Classy stuff from this polymath of a Danny boy

A study of touch

Danny Keane has released ‘Time To Go’, the third single from his upcoming album Kinesis, due on the eve of assumption 14 August via MVKA.

The Grammy nominated, Anglo Irish multi-instrumentalist keeps the setting stripped back. He plays with Jon Thorne of Lamb renown on double bass, and Sarathy Korwar the tabla player known for his great run of work on the Gearbox label on drums. The trio settle into an acoustic, understated sound.

Closing track

‘Time To Go’ closes Kinesis. The album moves between contemporary jazz idioms, broader fusion touches.
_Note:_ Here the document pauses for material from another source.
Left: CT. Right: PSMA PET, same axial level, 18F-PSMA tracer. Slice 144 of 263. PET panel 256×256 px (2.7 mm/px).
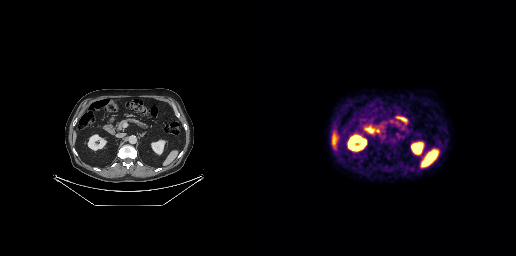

This piece brings a quieter, more direct ending.

“I lived in a ‘music house’ for twenty years with a lot of my best mates,” says Danny. “It was crazy – endless parties. We all played together, toured together, and wrote together. It was an amazing time in my life, but eventually, it became dysfunctional. I realised I had to leave that place.”

Keane has worked with Mulatu Astatke, Anoushka Shankar, Nitin Sawhney, Damon Albarn. He joins Astatke at the Royal Festival Hall on 17 June as part of Harry Styles’ Meltdown.

I loved Roamin’ back in the annus horribilis otherwise that was 2020.  He was soukin’ diesel in gulps on that and successfully get the motor running. Read a marlbank mention above by clicking on the graphic & the album is below.

What to look out for on the new ‘un

The six-track album centres on ideas of movement, musical, personal. Alongside the core trio, Keane brings in England trumpet icon Byron [brother of classical composer, Errollyn] Wallen, who teaches on the same Swiss faculty as Tom Arthurs and Django Bates. Byron was also on Roamin’. Ruth Goller from Let Spin; James Arben, also a Mulatu head; and Adnan Joubran whose oud figures on ‘Cathartic Chaos are also on Kinesis.